Compact Reconnaissance Imaging Spectrometer for Mars
CRISM (Compact Reconnaissance Imaging Spectrometer for Mars) searches for the residue of minerals that form in the presence of water, perhaps in association with ancient hot springs, thermal vents, lakes, or ponds that may have existed on the surface of Mars.
Spectrometer for Mars Reconnaissance Orbiter
With the Compact Reconnaissance Imaging Spectrometer for Mars (CRISM) instrument just above his head, a technician at NASA's Kennedy Space Center works on the Mars Reconnaissance Orbiter spacecraft in July 2005.
Even though some landforms provide evidence that liquid water may have flowed on the surface of Mars long ago, evidence of mineral deposits created by long-term interaction between water and rock has been limited.
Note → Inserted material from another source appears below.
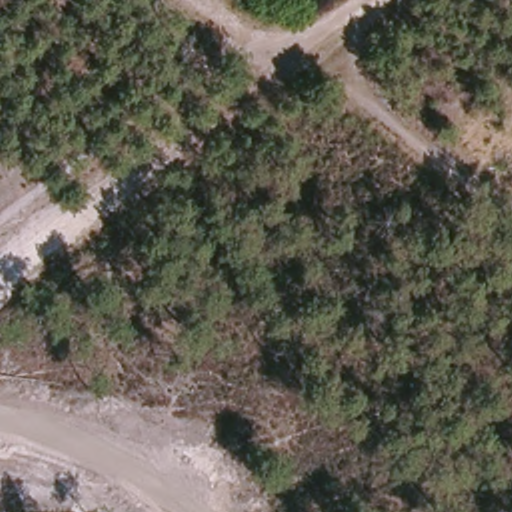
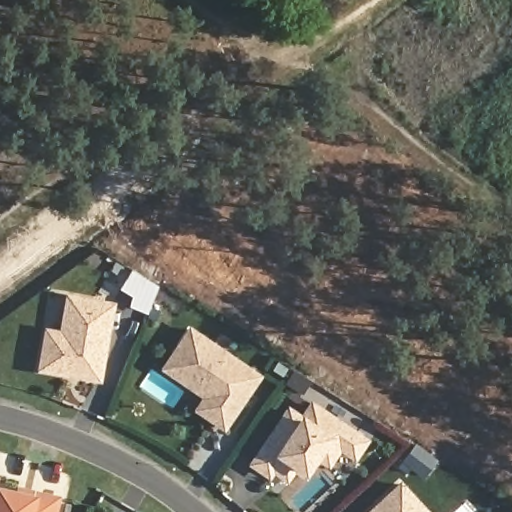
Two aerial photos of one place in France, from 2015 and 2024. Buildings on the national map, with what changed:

CRISM's visible and infrared spectrometers track regions on the dusty martian surface and map them at scales as small as 18 meters (60 feet) across, from an altitude of 300 kilometers (186 miles). CRISM reads the hundreds of "colors" in reflected sunlight to detect patterns that indicate certain minerals on the surface, including signature traces of past water.
The principal investigator (lead scientist) for CRISM is Scott Murchie from the Applied Physics Lab at Johns Hopkins University.